Han pasado dos meses y me siento
cada vez más segura con esta familia, siento que ya soy miembro de esta manada.
Hoy me han dado a conocer al bebe, Alberto. Marta, acerca cuidadosamente al
niño, para que lo huela mientras que me habla con tranquilidad. En mi cerebro
se despierta algo que yo creía que había muerto: Mi instinto de protección.
Olisqueo a esa cría de humano, sus restos de calostros mezclados con otros
olores e intento limpiarlo con la lengua, mientras la madre me acaricia la
cabeza.
Ya gatea y me da mucho trabajo,
siguiéndole a todas partes. Salvo cuando lo meten en una especie de jaula,
entonces me acuesto a su lado y permanezco tendida mientras se mueve a cuatro patas e intenta levantarse.
Hace unos días me ha empezado a tirar sus juguetes por encima de la cerca.
Entre ellos iba un zapato. Huele a él. Desde entonces permanece dentro de mi
camastro. Marta no ha insistido mucho en quitármelo.
Es el día del campo, busco mi
cadena y se la entrego a Pedro, moviendo efusivamente el rabo. Me da unas
palmaditas en la cabeza y salto al coche.
Corro, juego sin descuidar al
niño. Ahora Pedro y Marta duermen echamos sobre una manta. Yo me tumbo
apoyándome en las piernas de ella. El pequeño descansa en una hamaca.
Me despierto de golpe. Algo va
mal. Se me eriza el pelo del lomo y las orejas se me ponen tensas. Miro hacia
donde duerme Alberto. Las correas están sueltas, el niño no está. Mis oídos se
agudizan buscando algún ruido que le delate, mientras mis ojos en unos segundos
le descubren Se dirige hacia el río, con
la inconsciencia de un cachorro. Le ladro
con angustia y corro hacia él. Me pongo entre el agua y el bebé y empiezo a
empujarle con el hocico. Él se resiste atraído por el ruido de la corriente. No
tengo más remedio que abrir mis fauces y enganchar su ropa con mis dientes.

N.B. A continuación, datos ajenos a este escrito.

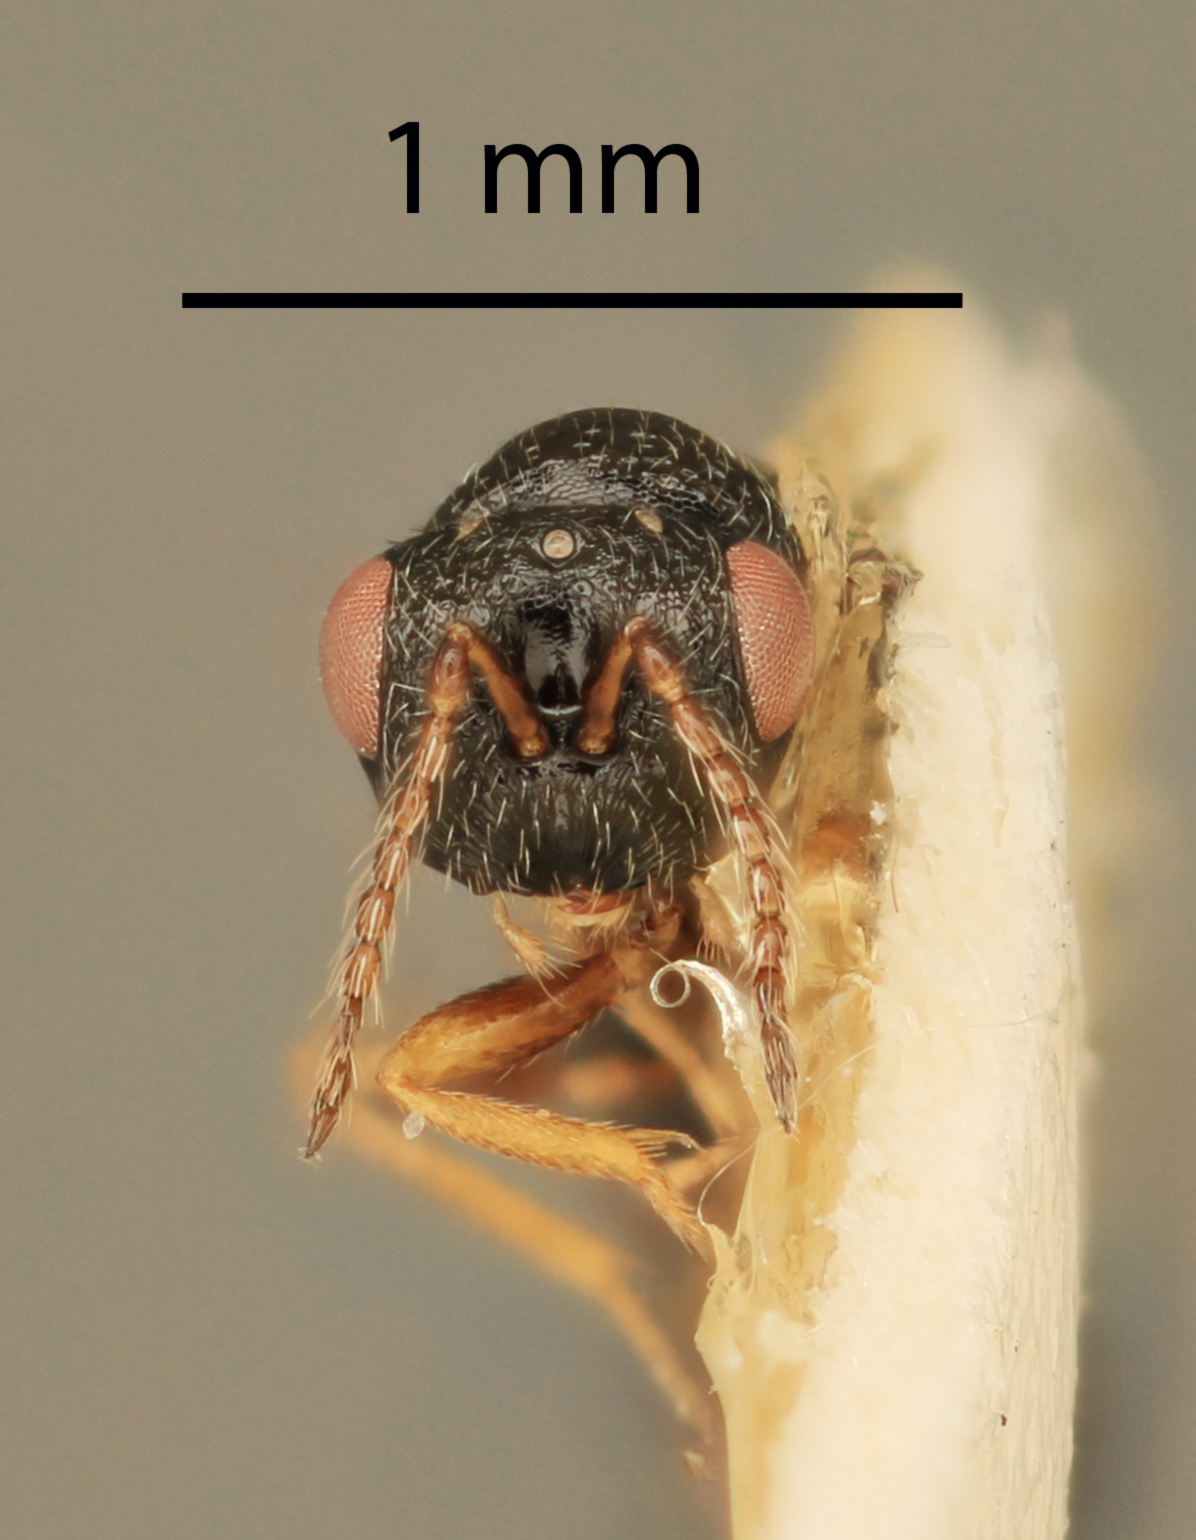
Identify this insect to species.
Eurytoma salicisaquatica

Para mí su cuerpo no pesa y comienzo a caminar. Al ver a Marta me detengo
asustada, no quiero que piense que le quiero hacer daño al niño. Me extiende
sus brazos que están temblado y le deposito a su hijo suavemente. Ella empieza
a llorar, yo estoy agachada con las orejas retraídas, me lamo despacio el
hocico y el rabo pegado entre las patas se mueve lentamente. Llega Pedro, coge
a Alberto y empieza a besarlo.
Marta me mira, su expresión ha
cambiado de angustia a ansiedad. Yo estoy tumbada, la observo con cierto temor.
Le escucho llamarme sin que apenas le salga la voz del cuerpo. Me acerco
cautelosamente, mis orejas caídas, entonces me acaricia y llora
compulsivamente. Yo me despego un poco para lamerle la cara, mientras mi rabo
se agita alegremente.
Se queda abrazada a mí durante
largo tiempo mientras yo intento calmarla.